(Study material begins)

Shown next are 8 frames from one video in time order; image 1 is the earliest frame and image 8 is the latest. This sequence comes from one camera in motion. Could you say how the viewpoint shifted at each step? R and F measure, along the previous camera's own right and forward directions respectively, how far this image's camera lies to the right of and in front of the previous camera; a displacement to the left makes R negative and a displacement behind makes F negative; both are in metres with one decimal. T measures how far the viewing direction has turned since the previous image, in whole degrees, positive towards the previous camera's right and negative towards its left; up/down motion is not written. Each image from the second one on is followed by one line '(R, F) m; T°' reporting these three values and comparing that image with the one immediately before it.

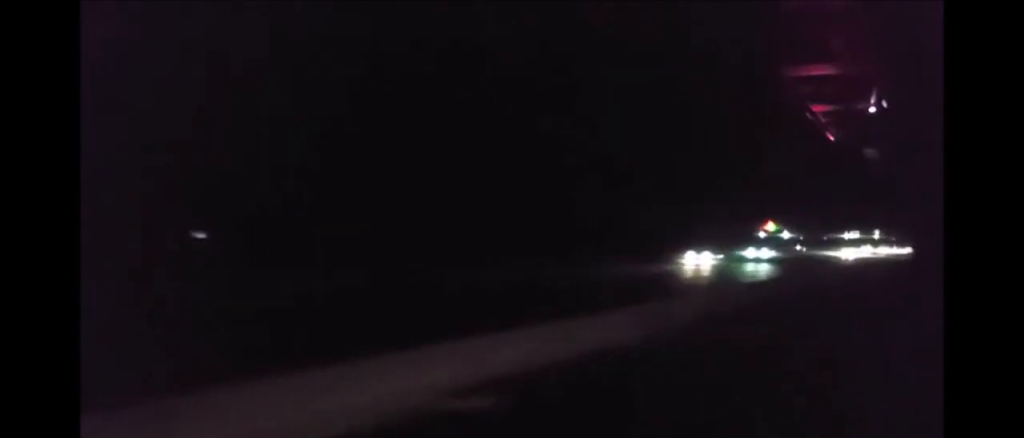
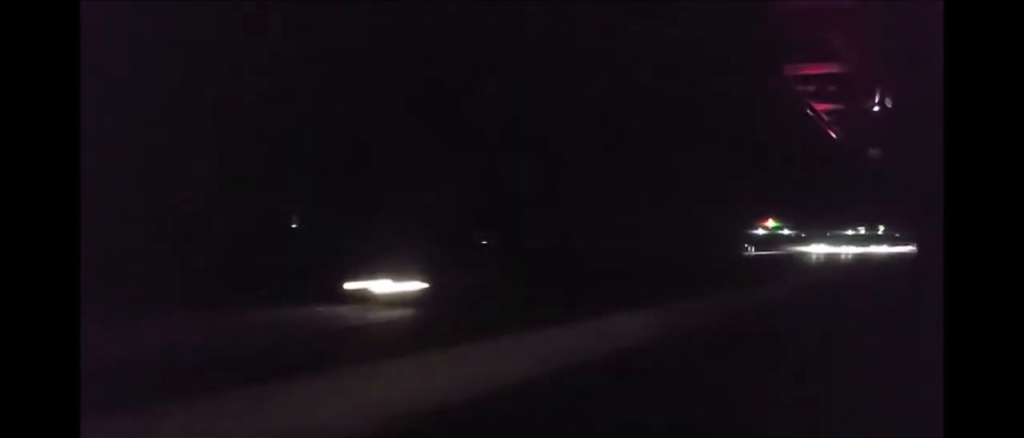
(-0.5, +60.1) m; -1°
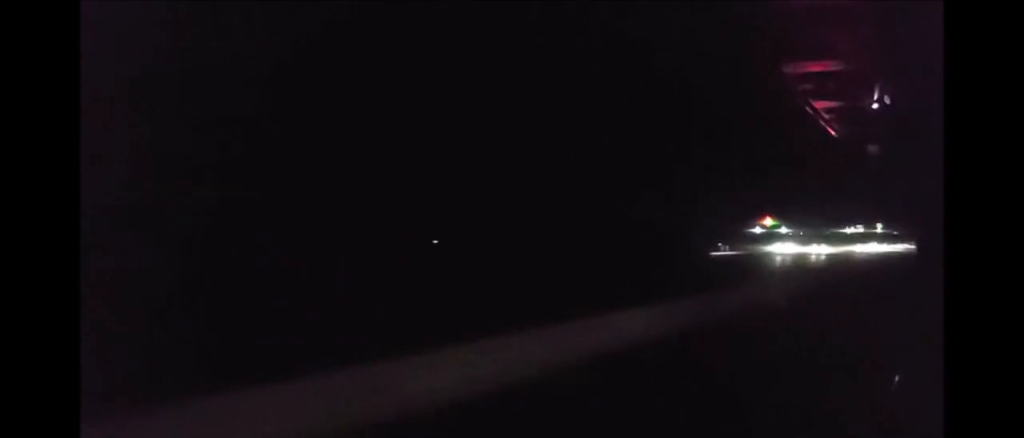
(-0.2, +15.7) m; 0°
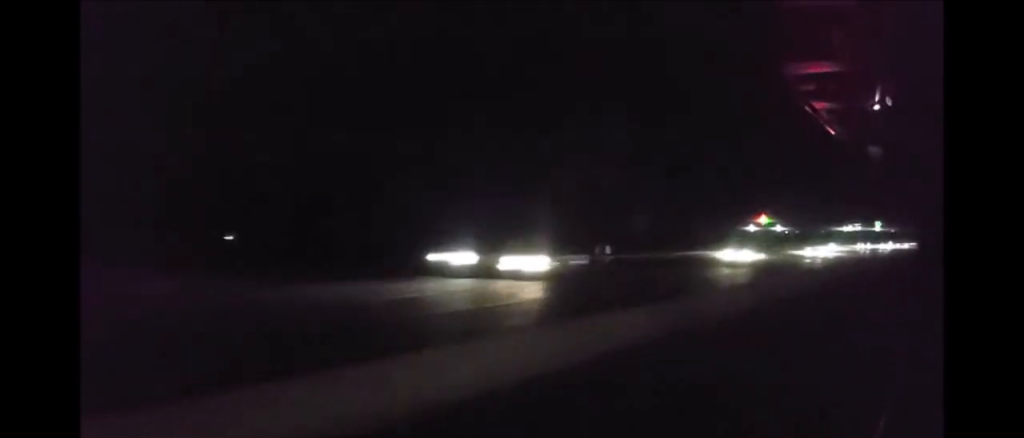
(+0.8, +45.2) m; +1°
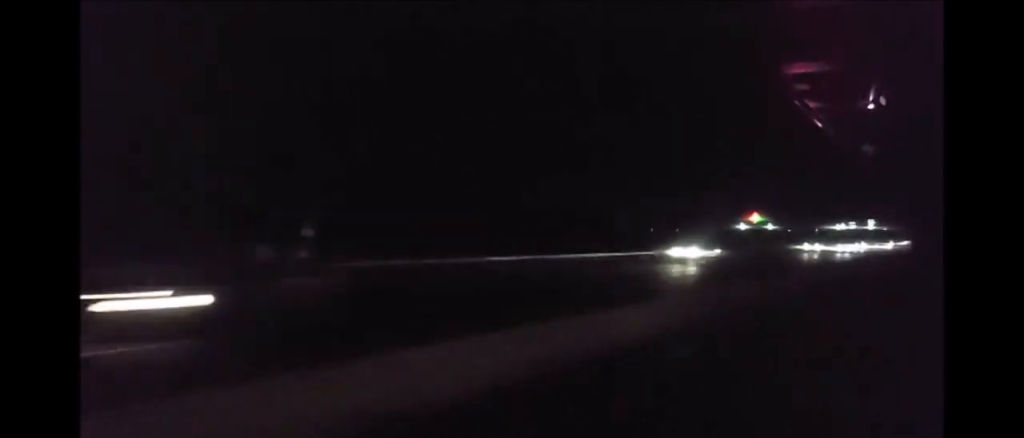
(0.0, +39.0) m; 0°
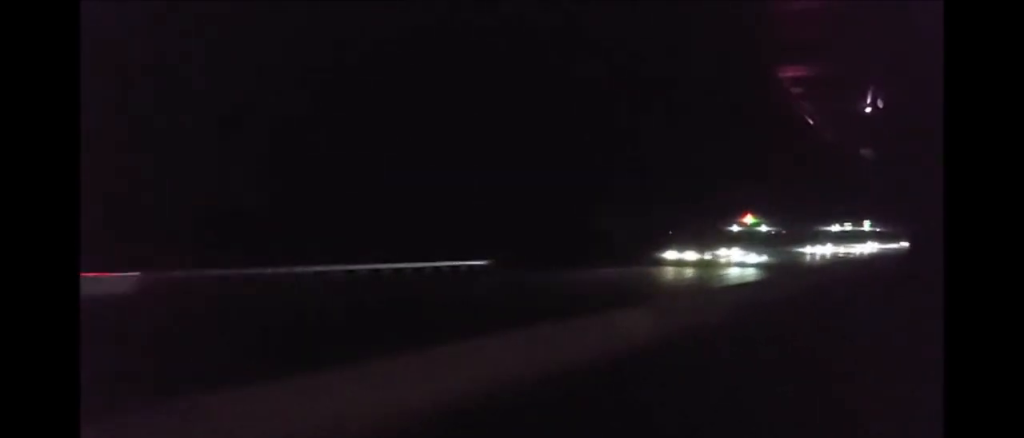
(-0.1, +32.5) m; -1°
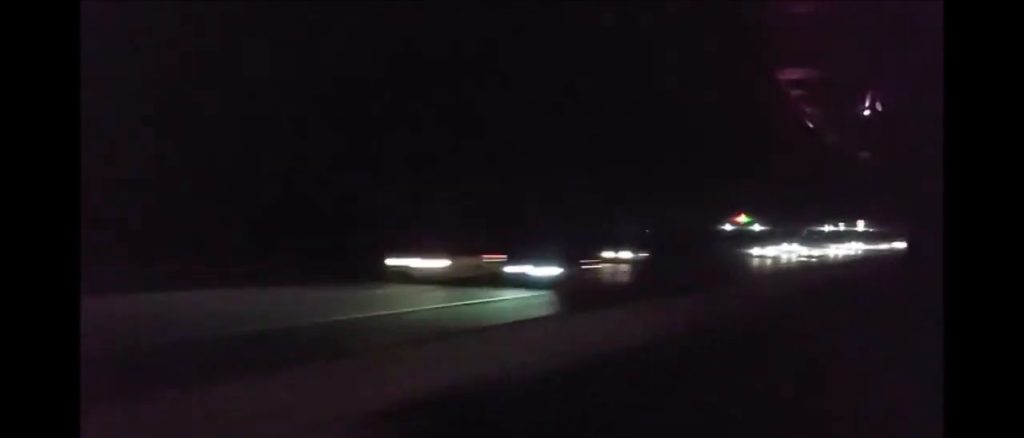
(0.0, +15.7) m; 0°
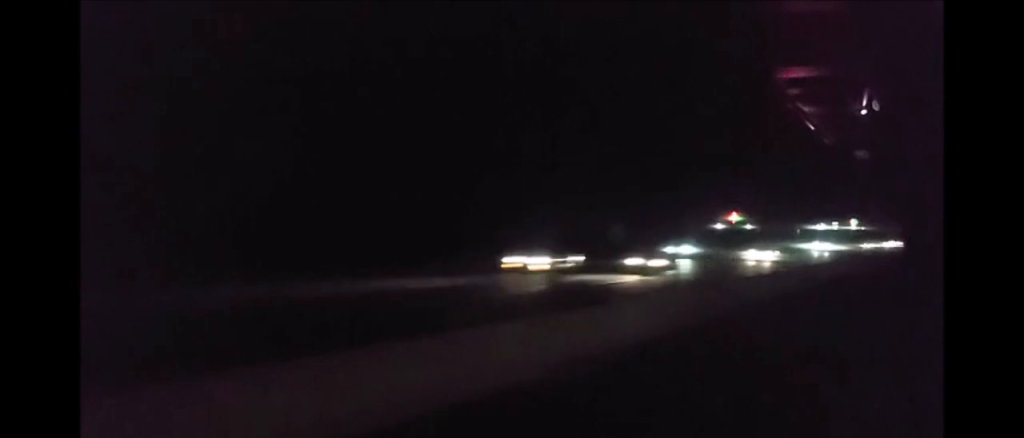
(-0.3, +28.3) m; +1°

(Study material ends)

▸ **How to complete this task**: Leave every picture out. Retype the remaining data exactly.

▸ **Reply**:
Shown next are 8 frames from one video in time order; image 1 is the earliest frame and image 8 is the latest. This sequence comes from one camera in motion. Could you say how the viewpoint shifted at each step? R and F measure, along the previous camera's own right and forward directions respectively, how far this image's camera lies to the right of and in front of the previous camera; a displacement to the left makes R negative and a displacement behind makes F negative; both are in metres with one decimal. T measures how far the viewing direction has turned since the previous image, in whole degrees, positive towards the previous camera's right and negative towards its left; up/down motion is not written. Each image from the second one on is followed by one line '(R, F) m; T°' reporting these three values and comparing that image with the one immediately before it.

(-0.5, +60.1) m; -1°
(-0.2, +15.7) m; 0°
(+0.8, +45.2) m; +1°
(0.0, +39.0) m; 0°
(-0.1, +32.5) m; -1°
(0.0, +15.7) m; 0°
(-0.3, +28.3) m; +1°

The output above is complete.